The American club managers cut to the chase when they say “we’re in the dues business”. Dues, or as we call them, subscriptions, are no-doubt the most important income source of any club. In fact they are even more important than represented in many club annual reports. What, you say?
Many annual reports show a pie chart of revenue and a pie chart of expenses, each broken into its various portions. In the revenue pie the biggest piece is subscriptions (often 50+%), second is food & beverage (F&B) (often 30+%) and the third is generally green fee revenue with some non-operating activity or other income such as golf shop (if in-house) making up the remaining portions.
Look across at the expense pie and the F&B piece will often be there and about the same amount (30+%). The reason is that the F&B income, unlike other income, is just so saddled with cost. The more F&B sales increase, the more F&B costs increase. For this reason, in the vast majority of clubs, F&B has little bearing on the overall financial health of the club.
Club Benchmarking in America reports that in 70+% of US clubs, F&B is a cost to the club or at best breaks even. On average, clubs spend 3% of their nett income on F&B. The story in Australia is slightly more to the profit side of the ledger but the fact is, in most clubs F&B has a relatively small net impact on overall profit or loss. There is a clear correlation between the size of the club and impact of F&B to financial health. The larger a clubs gets, the less impact F&B has on its financial health.
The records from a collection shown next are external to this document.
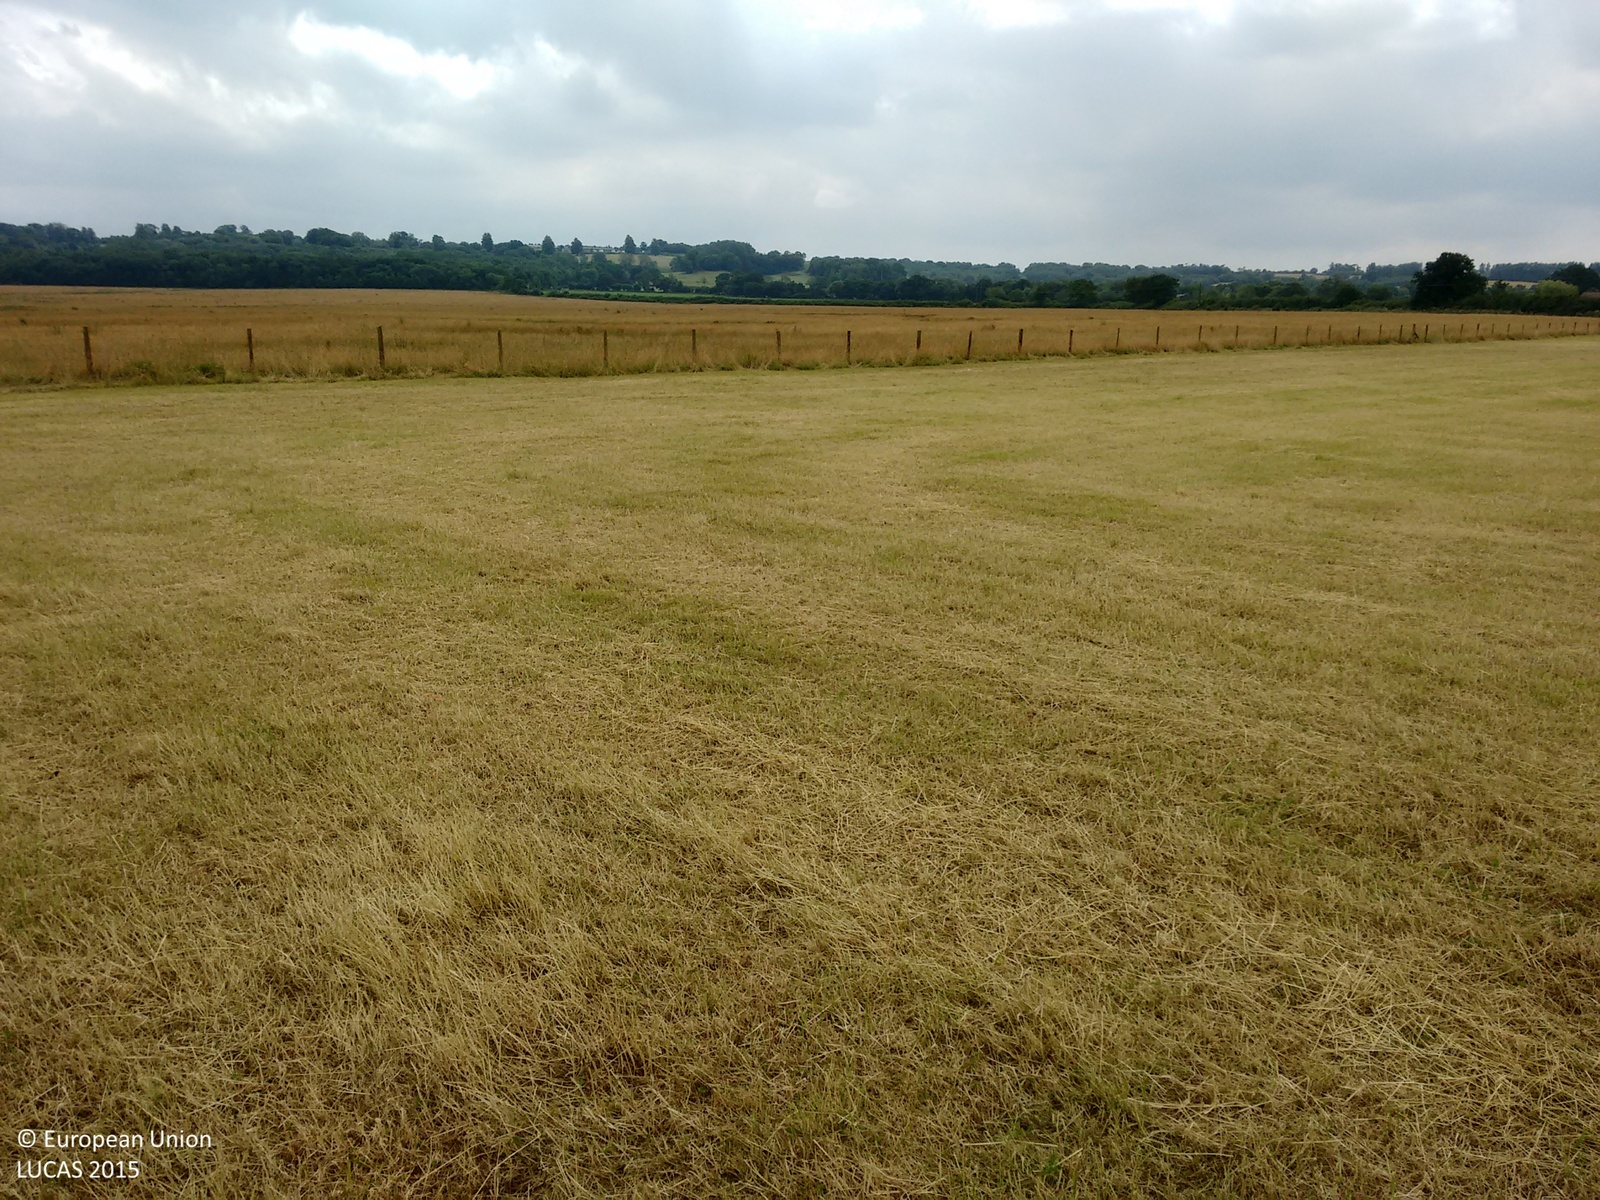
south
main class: Grassland
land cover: Grassland without tree/shrub cover
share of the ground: > 75 %
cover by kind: herbaceous plants 100 %
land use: Agriculture (excluding fallow land and kitchen gardens)
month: July
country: GB
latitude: 51.8092
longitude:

Now, let’s go back to the annual report. To remove F&B from the pie charts gives a more accurate visual of what’s really happening at your club. Many clubs now do this.
Club Benchmarking, the US tool that is utilised heavily by GMA clubs in Australia, suggest that clubs see their revenue sources, not on the traditional model of revenue v expenses, but as an available cash model. The available cash model identifies the parts of the club operations that actually impact on the clubs financial health from those that don’t. So when a club with a turnover of $5m, and F&B sales of $1.3m, produces a net profit or loss of $80,000, the F&B result, whether positive or negative, is not having a significant impact on the financial health of the club. For this reason clubs should see their F&B as an operational service issue, more so than a key strategic issue.
This greater understanding of the limits of F&B revenue, leaves a light shining more brightly on the importance of subscription and green fee revenue. The key message here for clubs doing any level of strategic planning is to focus on membership first and foremost with other highly profitable income such as green fees as the next most important.